WHAT IS BEING ASKED
The answer is the full listing below, copied exactly, with its pictures omitted.

Top of DATA FOR THE TASK

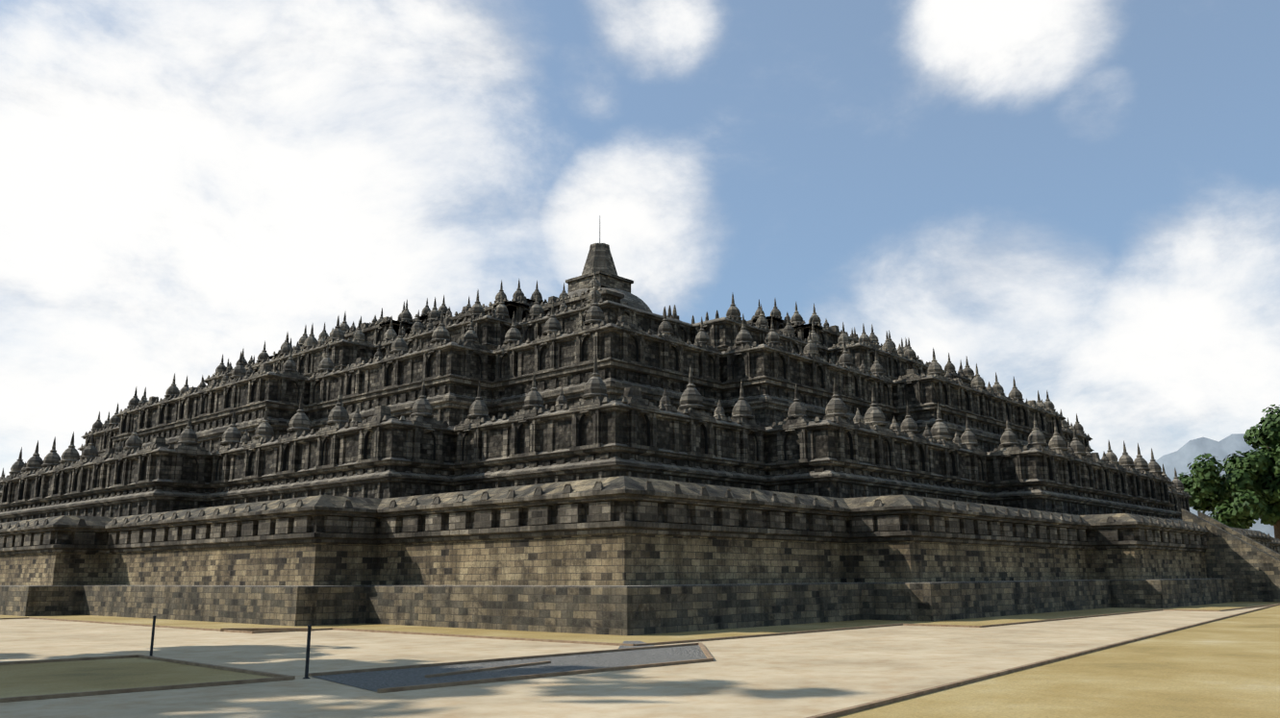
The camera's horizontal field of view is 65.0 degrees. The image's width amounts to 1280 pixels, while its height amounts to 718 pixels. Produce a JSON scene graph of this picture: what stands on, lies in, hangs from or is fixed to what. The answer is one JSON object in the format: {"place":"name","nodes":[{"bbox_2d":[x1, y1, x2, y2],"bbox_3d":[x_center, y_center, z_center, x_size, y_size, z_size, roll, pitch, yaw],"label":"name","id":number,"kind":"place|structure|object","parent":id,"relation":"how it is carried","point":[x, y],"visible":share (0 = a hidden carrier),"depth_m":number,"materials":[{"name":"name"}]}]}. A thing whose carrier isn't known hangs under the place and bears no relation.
{"place":"outdoors","nodes":[
{"label":"outdoors","id":0,"kind":"place"},
{"bbox_2d":[0,657,272,698],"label":"lawn","id":1,"kind":"structure","parent":0,"point":[46,678],"depth_m":17.43,"materials":[{"name":"green plant"}]},
{"bbox_2d":[0,606,1264,717],"bbox_3d":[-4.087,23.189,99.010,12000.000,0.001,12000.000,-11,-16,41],"label":"ground","id":2,"kind":"structure","parent":0,"point":[799,675],"depth_m":18.56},
{"bbox_2d":[150,615,156,656],"bbox_3d":[-10.602,6.032,21.882,0.114,0.870,0.120,-11,-16,41],"label":"barrier post","id":3,"kind":"object","parent":2,"relation":"on","point":[152,636],"visible":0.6,"depth_m":21.86,"materials":[{"name":"metal"}]},
{"bbox_2d":[302,625,311,678],"bbox_3d":[-5.588,4.929,16.925,0.114,0.870,0.120,-11,-16,41],"label":"barrier post","id":4,"kind":"object","parent":2,"relation":"on","point":[308,652],"visible":1,"depth_m":16.90,"materials":[{"name":"metal"}]},
{"bbox_2d":[313,645,706,692],"bbox_3d":[-1.115,5.927,19.616,3.365,0.001,11.114,-11,-16,41],"label":"gravel strip","id":5,"kind":"object","parent":2,"relation":"on","point":[374,681],"visible":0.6,"depth_m":18.53,"materials":[{"name":"grey gravel"}]},
{"bbox_2d":[0,267,1279,635],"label":"temple","id":6,"kind":"structure","parent":2,"relation":"on","point":[594,460],"depth_m":48.60,"materials":[{"name":"stone"}]},
{"bbox_2d":[567,287,652,312],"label":"stupa dome","id":7,"kind":"structure","parent":6,"relation":"on","point":[633,301],"depth_m":101.56,"materials":[{"name":"stone"}]},
{"bbox_2d":[565,243,633,293],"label":"stupa spire","id":8,"kind":"structure","parent":7,"relation":"on","point":[599,258],"depth_m":104.76,"materials":[{"name":"stone"}]},
{"bbox_2d":[0,603,1279,717],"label":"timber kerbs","id":9,"kind":"structure","parent":2,"relation":"on","point":[710,658],"depth_m":19.18,"materials":[{"name":"brown wood"}]},
{"bbox_2d":[0,602,1279,643],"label":"grass strip","id":10,"kind":"object","parent":2,"relation":"on","point":[688,636],"depth_m":34.89,"materials":[{"name":"green plant"}]},
{"bbox_2d":[1180,508,1279,602],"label":"temple stairs","id":11,"kind":"structure","parent":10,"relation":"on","point":[1250,566],"depth_m":61.01,"materials":[{"name":"stone"}]},
{"bbox_2d":[618,641,662,649],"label":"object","id":12,"kind":"object","parent":2,"relation":"on","point":[630,642],"visible":0.6,"depth_m":24.39,"materials":[{"name":"grey stone"}]},
{"bbox_2d":[1173,403,1279,539],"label":"tree","id":13,"kind":"object","parent":2,"relation":"on","point":[1243,492],"visible":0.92,"depth_m":123.99,"materials":[{"name":"green plant"}]},
{"bbox_2d":[0,0,1279,477],"label":"sky","id":14,"kind":"structure","parent":0,"point":[1075,201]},
{"bbox_2d":[833,604,1279,717],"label":"lawn","id":15,"kind":"structure","parent":0,"point":[1227,668],"depth_m":15.19,"materials":[{"name":"yellow plant"}]},
{"bbox_2d":[1155,433,1274,537],"bbox_3d":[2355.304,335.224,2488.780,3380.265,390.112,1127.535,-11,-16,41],"label":"distant hill","id":16,"kind":"structure","parent":0,"point":[1183,457],"depth_m":2794.21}
]}

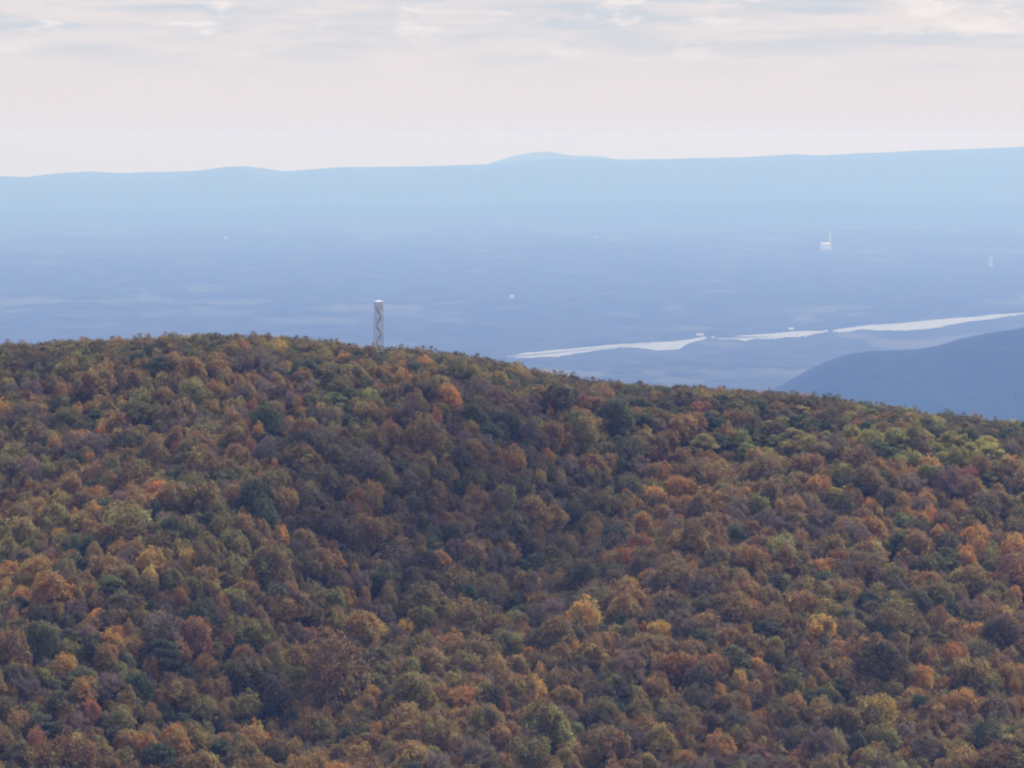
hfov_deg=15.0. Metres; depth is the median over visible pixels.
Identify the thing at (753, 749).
broadleaf tree
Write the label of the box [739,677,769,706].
broadleaf tree
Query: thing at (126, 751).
broadleaf tree
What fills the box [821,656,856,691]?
broadleaf tree
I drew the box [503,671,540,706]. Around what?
broadleaf tree
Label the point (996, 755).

Bottom of DATA FOR THE TASK

OUTPUT BELOW
The camera's horizontal field of view is 65.0 degrees. The image's width amounts to 1280 pixels, while its height amounts to 718 pixels. Produce a JSON scene graph of this picture: what stands on, lies in, hangs from or is fixed to what. The answer is one JSON object in the format: {"place":"name","nodes":[{"bbox_2d":[x1, y1, x2, y2],"bbox_3d":[x_center, y_center, z_center, x_size, y_size, z_size, roll, pitch, yaw],"label":"name","id":number,"kind":"place|structure|object","parent":id,"relation":"how it is carried","point":[x, y],"visible":share (0 = a hidden carrier),"depth_m":number,"materials":[{"name":"name"}]}]}. A thing whose carrier isn't known hangs under the place and bears no relation.
{"place":"outdoors","nodes":[
{"label":"outdoors","id":0,"kind":"place"},
{"bbox_2d":[0,657,272,698],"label":"lawn","id":1,"kind":"structure","parent":0,"point":[46,678],"depth_m":17.43,"materials":[{"name":"green plant"}]},
{"bbox_2d":[0,606,1264,717],"bbox_3d":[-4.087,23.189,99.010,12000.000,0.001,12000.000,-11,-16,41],"label":"ground","id":2,"kind":"structure","parent":0,"point":[799,675],"depth_m":18.56},
{"bbox_2d":[150,615,156,656],"bbox_3d":[-10.602,6.032,21.882,0.114,0.870,0.120,-11,-16,41],"label":"barrier post","id":3,"kind":"object","parent":2,"relation":"on","point":[152,636],"visible":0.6,"depth_m":21.86,"materials":[{"name":"metal"}]},
{"bbox_2d":[302,625,311,678],"bbox_3d":[-5.588,4.929,16.925,0.114,0.870,0.120,-11,-16,41],"label":"barrier post","id":4,"kind":"object","parent":2,"relation":"on","point":[308,652],"visible":1,"depth_m":16.90,"materials":[{"name":"metal"}]},
{"bbox_2d":[313,645,706,692],"bbox_3d":[-1.115,5.927,19.616,3.365,0.001,11.114,-11,-16,41],"label":"gravel strip","id":5,"kind":"object","parent":2,"relation":"on","point":[374,681],"visible":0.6,"depth_m":18.53,"materials":[{"name":"grey gravel"}]},
{"bbox_2d":[0,267,1279,635],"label":"temple","id":6,"kind":"structure","parent":2,"relation":"on","point":[594,460],"depth_m":48.60,"materials":[{"name":"stone"}]},
{"bbox_2d":[567,287,652,312],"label":"stupa dome","id":7,"kind":"structure","parent":6,"relation":"on","point":[633,301],"depth_m":101.56,"materials":[{"name":"stone"}]},
{"bbox_2d":[565,243,633,293],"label":"stupa spire","id":8,"kind":"structure","parent":7,"relation":"on","point":[599,258],"depth_m":104.76,"materials":[{"name":"stone"}]},
{"bbox_2d":[0,603,1279,717],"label":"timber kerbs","id":9,"kind":"structure","parent":2,"relation":"on","point":[710,658],"depth_m":19.18,"materials":[{"name":"brown wood"}]},
{"bbox_2d":[0,602,1279,643],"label":"grass strip","id":10,"kind":"object","parent":2,"relation":"on","point":[688,636],"depth_m":34.89,"materials":[{"name":"green plant"}]},
{"bbox_2d":[1180,508,1279,602],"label":"temple stairs","id":11,"kind":"structure","parent":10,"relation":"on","point":[1250,566],"depth_m":61.01,"materials":[{"name":"stone"}]},
{"bbox_2d":[618,641,662,649],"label":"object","id":12,"kind":"object","parent":2,"relation":"on","point":[630,642],"visible":0.6,"depth_m":24.39,"materials":[{"name":"grey stone"}]},
{"bbox_2d":[1173,403,1279,539],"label":"tree","id":13,"kind":"object","parent":2,"relation":"on","point":[1243,492],"visible":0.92,"depth_m":123.99,"materials":[{"name":"green plant"}]},
{"bbox_2d":[0,0,1279,477],"label":"sky","id":14,"kind":"structure","parent":0,"point":[1075,201]},
{"bbox_2d":[833,604,1279,717],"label":"lawn","id":15,"kind":"structure","parent":0,"point":[1227,668],"depth_m":15.19,"materials":[{"name":"yellow plant"}]},
{"bbox_2d":[1155,433,1274,537],"bbox_3d":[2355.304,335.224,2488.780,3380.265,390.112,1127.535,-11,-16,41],"label":"distant hill","id":16,"kind":"structure","parent":0,"point":[1183,457],"depth_m":2794.21}
]}

hfov_deg=15.0. Metres; depth is the median over visible pixels.
Identify the thing at (753, 749).
broadleaf tree
Write the label of the box [739,677,769,706].
broadleaf tree
Query: thing at (126, 751).
broadleaf tree
What fills the box [821,656,856,691]?
broadleaf tree
I drew the box [503,671,540,706]. Around what?
broadleaf tree
Label the point (996, 755).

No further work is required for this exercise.